A bootstrap method is proposed to estimate risk estimation error within a single active testing run, providing confidence intervals for practical deployment.

Key Experimental Results

Main Results: Reduction in Risk Estimation Error

Dataset Target Model Surrogate Model Relative Error Reduction
SST-2 70B-few 7B-few ~50%
FPB 70B-few 7B-few ~40%
HS 70B-few 7B-few ~60%
Subj 70B-few 7B-few ~30%
Average 25%–80%

Cross-Model Surrogate Evaluation

Surrogate Model Target Model Effectiveness
Llama-2-7B Llama-2-70B Effective
Gemma3-4B Llama-2-70B Effective
Phi-2 Llama-2-70B Effective
Llama-2-7B Gemma3-4B Effective

Sampling vs. Interpolation Methods

Method Robustness Notes
LURE (sampling) High Insensitive to surrogate model quality
ASE (interpolation) Low Sensitive to surrogate quality; degrades with a fixed surrogate

This confirms the theoretical prediction that sampling-based methods outperform interpolation-based methods when the surrogate is fixed.
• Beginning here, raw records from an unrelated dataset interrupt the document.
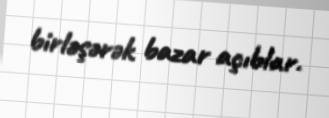
birləşərək bazar açıblar.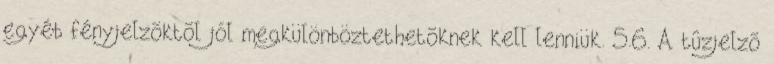
egyéb fényjelzõktõl jól megkülönböztethetõknek kell lenniük. 5.6. A tûzjelzõ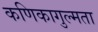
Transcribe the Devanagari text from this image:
कणिकागुल्मता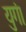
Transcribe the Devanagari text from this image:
युगं।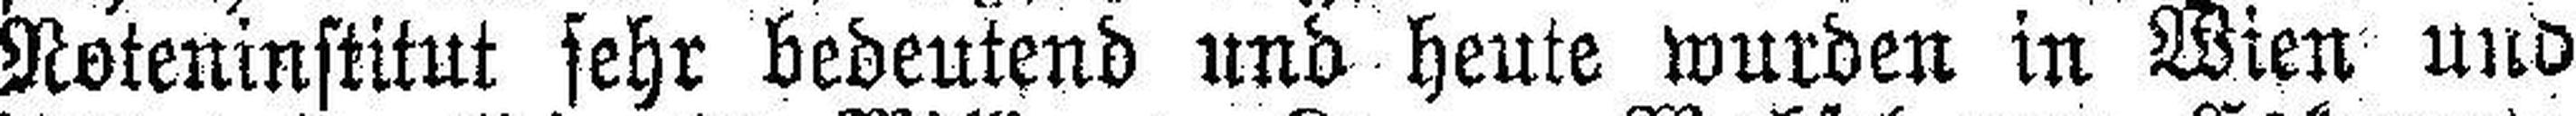
Noteninstitut sehr bedeutend und heute wurden in Wien und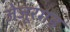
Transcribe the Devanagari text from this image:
जेजूरगड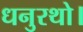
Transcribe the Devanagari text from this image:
धनुरथो।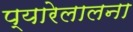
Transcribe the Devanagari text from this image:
प्यारेलालना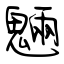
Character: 魎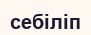
себіліп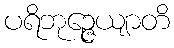
ပရိဘုဉ္ဇေယျာတိ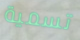
تسمية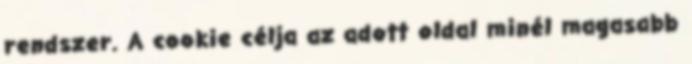
rendszer. A cookie célja az adott oldal minél magasabb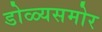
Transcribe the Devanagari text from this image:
डोळ्यसमोर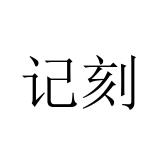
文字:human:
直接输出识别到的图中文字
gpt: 记刻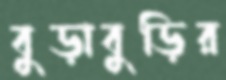
বুড়াবুড়ির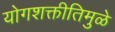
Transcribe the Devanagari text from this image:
योगशक्तीतिमुळे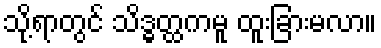
သို့ရာတွင် သိဒ္ဓတ္ထကမူ ထူးခြားမလာ။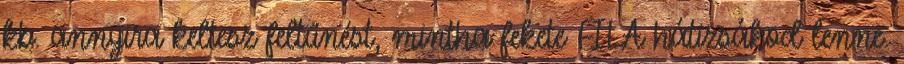
kb. annyira keltesz feltűnést, mintha fekete FILA hátizsákod lenne.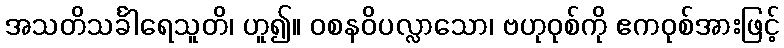
အသတိသင်္ခါရေသူတိ၊ ဟူ၍။ ဝစနဝိပလ္လာသော၊ ဗဟုဝုစ်ကို ဧကဝုစ်အားဖြင့်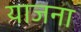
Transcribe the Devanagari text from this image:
याजना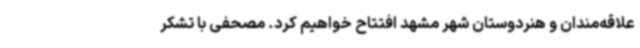
علاقه‌مندان و هنردوستان شهر مشهد افتتاح خواهیم کرد. مصحفی با تشکر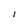
Character: I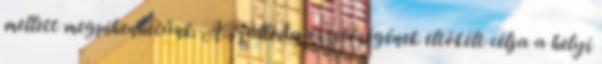
mellett megpihenhetünk. A szálloda vezetőségének eltökélt célja a helyi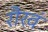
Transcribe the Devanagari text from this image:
रौरवं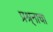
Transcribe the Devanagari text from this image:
प्रश्र्नाचा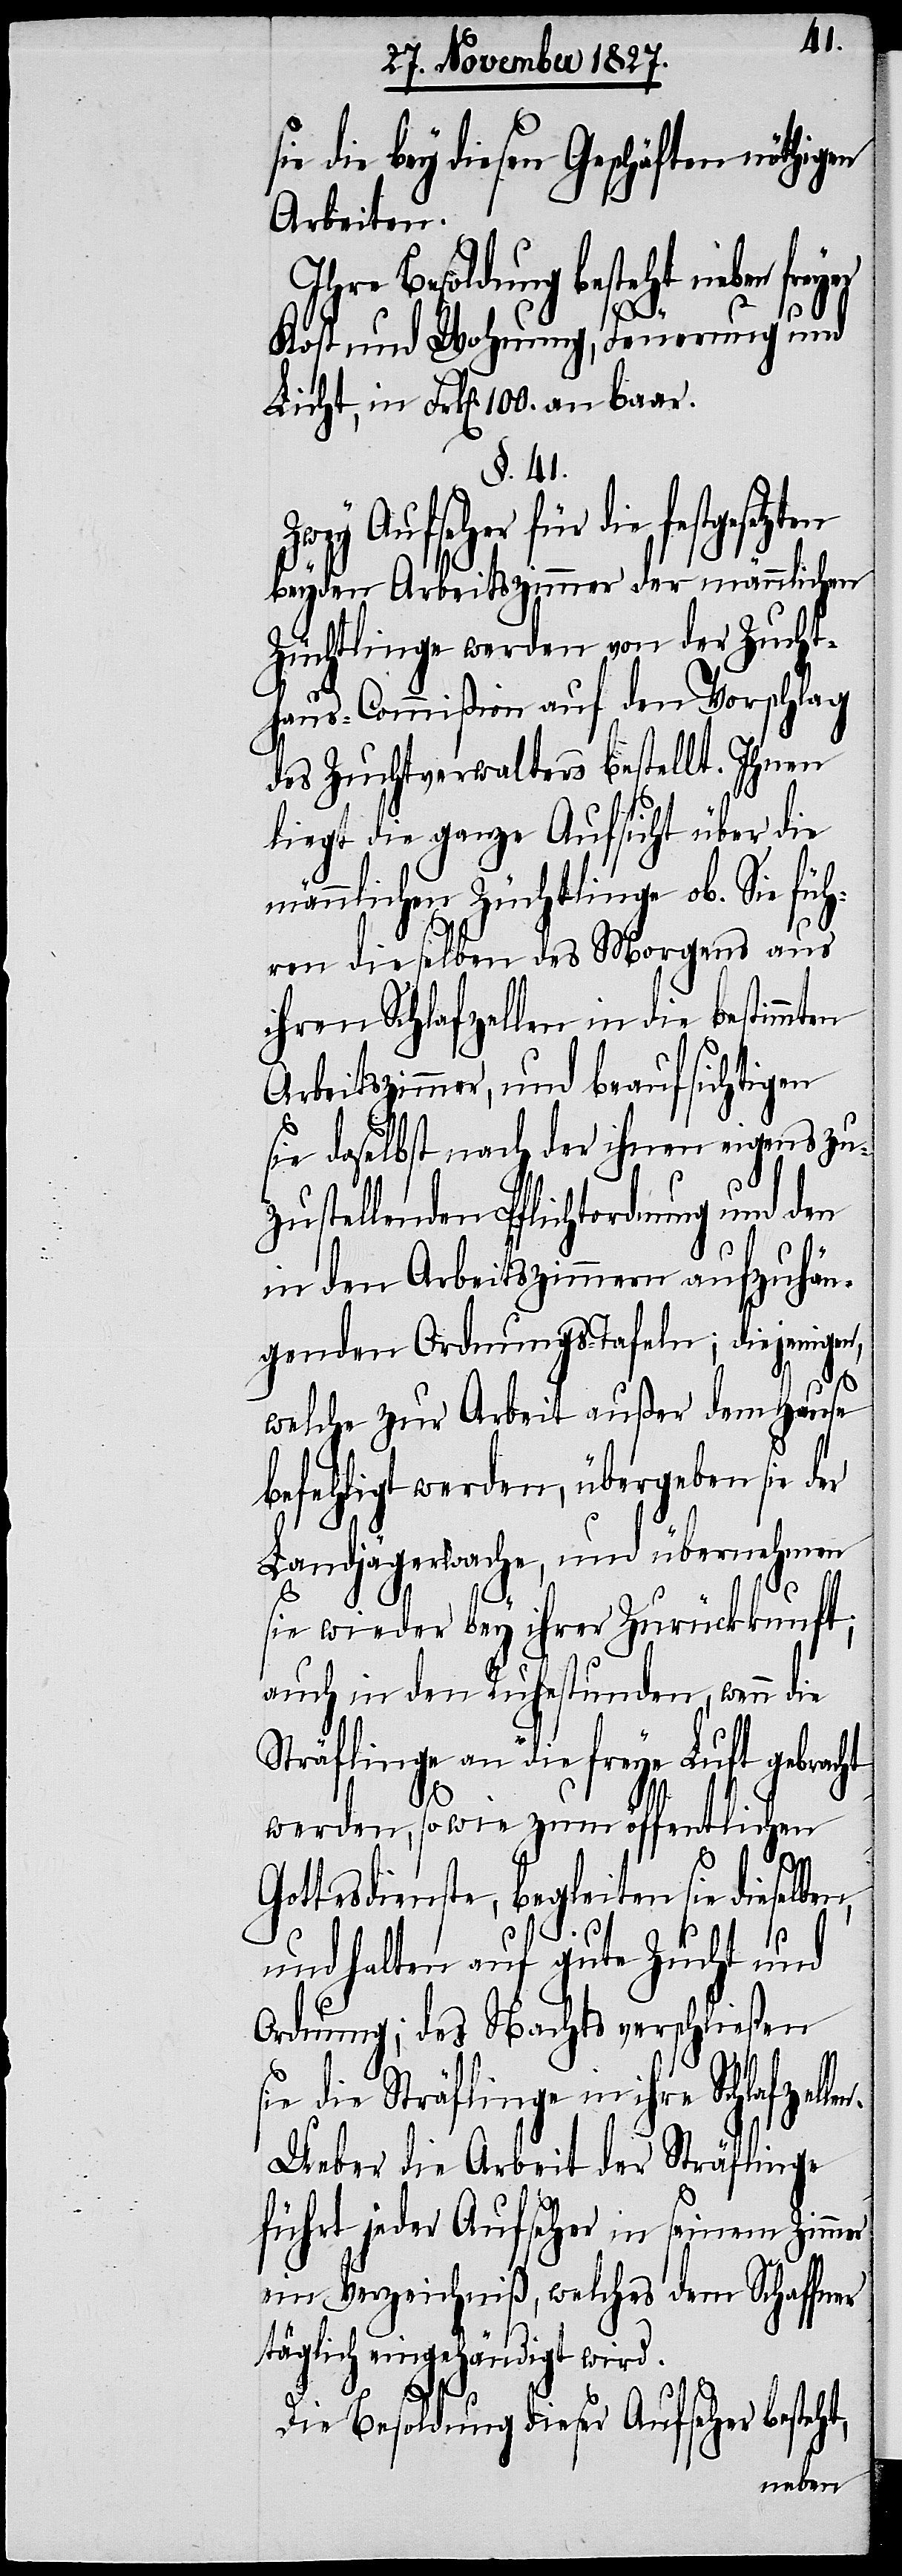
ie die bey diesen Geschäften nöthigen
Arbeiten.
Ihre Besoldung besteht neben
len.
Kost und Wohnung, Feuerung und
Licht, in Frk[en]. 100. an baar.
§. 41.
für die festgesetzten
beyden Arbeitszimmer der männlichen
Züchtlinge werden von der Zucht¬
haus-Commißion auf den Vorschlag
des Zuchtverwalters bestellt. Ihnen
liegt die ganze Aufsicht über die
männlichen Züchtlinge ob. Sie füh¬
ren dieselben des Morgens aus
ihren Schlafzellen in die bestimmten
Arbeitszimmer, und beaufsichtigen
sie daselbst nach der ihnen eigens zu¬
zustellenden Pflichtordnung und den
in den Arbeitszimmern aufzuhän¬
genden Ordnungs-Tafeln; diejenigen,
s¬
welche zur Arbeit außer dem Hause
befehligt werden, übergeben sie der
Landjägerwache, und übernehmen
sie wieder bey ihrer Zurückkunft;
auch in den Ruhestunden, wenn die
Sträflinge an die freye Luft gebracht
werden, sowie zum öffentlichen
Gottesdienste, begleiten sie dieselben,
und halten auf gute Zucht und
Ordnung; des Nachts verschließen
ie die Sträflinge in ihre Schlafzel¬
Ueber die Arbeit der Sträflinge
führt jeder Aufseher in seinem Zimmer
ein Verzeichniß, welches dem Schaffner
täglich eingehändigt wird.
Die Besoldung dieser Aufseher besteht,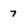
Character: 7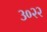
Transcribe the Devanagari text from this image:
३०२२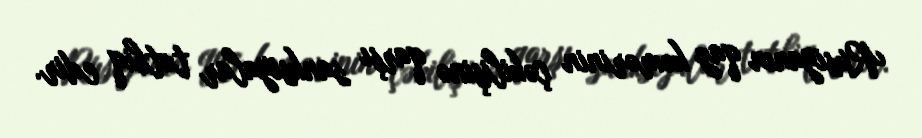
Rusiyanın qaz kəmərinin çəkilişinə qarşı sanksiyalar tətbiq edir.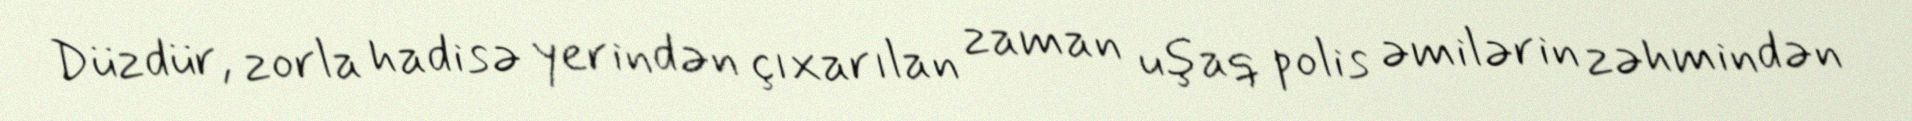
Düzdür, zorla hadisə yerindən çıxarılan zaman uşaq polis əmilərin zəhmindən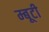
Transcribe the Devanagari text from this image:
म्बूटी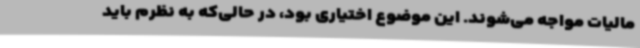
مالیات مواجه می‌شوند. این موضوع اختیاری بود، در حالی‌که به نظرم باید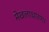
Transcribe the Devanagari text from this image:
मेखलाधारण।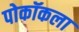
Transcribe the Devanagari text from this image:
पोकॉकला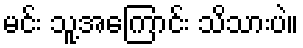
မင်း သူ့အကြောင်း သိသားပဲ။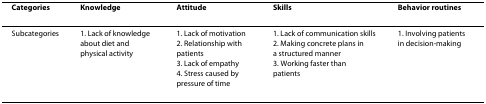
| Categories | Knowledge | Attitude | Skills | Behavior routines |
 | --- | --- | --- | --- | --- |
 | Subcategories | 1. Lack of knowledge about diet and physical activity | 1. Lack of motivation2. Relationship with patients3. Lack of empathy4. Stress caused by pressure of time | 1. Lack of communication skills2. Making concrete plans in a structured manner3. Working faster than patients | 1. Involving patients in decision-making |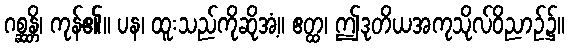
ဂစ္ဆန္တိ၊ ကုန်၏။ ပန၊ ထူးသည်ကိုဆိုအံ့။ ဧတ္ထ၊ ဤဒုတိယအကုသိုလ်ဝိညာဉ်၌။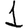
Digit: 1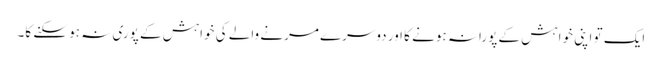
ایک تو اپنی خواہش کے پورانہ ہونے کا اور دوسرے مرنے والے کی خواہش کے پوری نہ ہو سکنے کا۔

Bootstrap Error Estimation

The 95% confidence interval achieves a true error coverage rate of 88% (reaching ~94% when \(K \geq 100\)).

Key Findings

  1. Forgoing surrogate model updates incurs negligible performance loss while saving substantial computational cost.
  2. The surrogate model can be 10× smaller than the target model, or even more.
  3. The acquisition function that eliminates target model predictions (replacing cross-entropy with predictive entropy) performs surprisingly well.
  4. Label noise can severely impair active testing—a stronger surrogate model may paradoxically perform worse in such cases.

Highlights & Insights

  1. Elegant resolution of three bottlenecks: Each simplification is theoretically motivated and empirically validated.
  2. Counter-intuitive finding: Using a smaller surrogate to evaluate a larger target model can yield equal or better performance.
  3. Bootstrap diagnostic tool: Provides a practical criterion for determining whether active testing is functioning effectively in deployment.
  4. Dataset curation as a by-product: Active testing can be applied to dataset curation, selecting subsets for model evaluation.

Limitations & Future Work

  1. Experiments are limited to text classification; generative tasks present greater complexity.
  2. Active testing may fail under label noise, as demonstrated by the SST-2 case.
  3. Improvements on the more challenging MMLU dataset are modest.
  4. Theoretical convergence guarantees for the bootstrap estimator are lacking.
  • Kossen et al. (2021, 2022): Proposed sampling- and interpolation-based active testing methods; this work extends them to the LLM setting.
  • TinyBenchmarks/DELE: Dataset compression methods focused on cross-model generalizability; this work performs model-specific acquisition instead.
  • Insight: Active testing can be integrated with continuous benchmark updates to mitigate data contamination issues.

Rating

  • Novelty: ⭐⭐⭐⭐ Extends existing methods to LLMs; each simplification is well-motivated but not fundamentally novel.
  • Experimental Thoroughness: ⭐⭐⭐⭐ Covers multiple models, datasets, and settings, including analysis of failure cases.
  • Writing Quality: ⭐⭐⭐⭐⭐ The three-bottleneck analytical framework is clearly articulated; experimental design is systematic.
  • Value: ⭐⭐⭐⭐ Offers practical utility for improving LLM evaluation efficiency, particularly in annotation-expensive scenarios.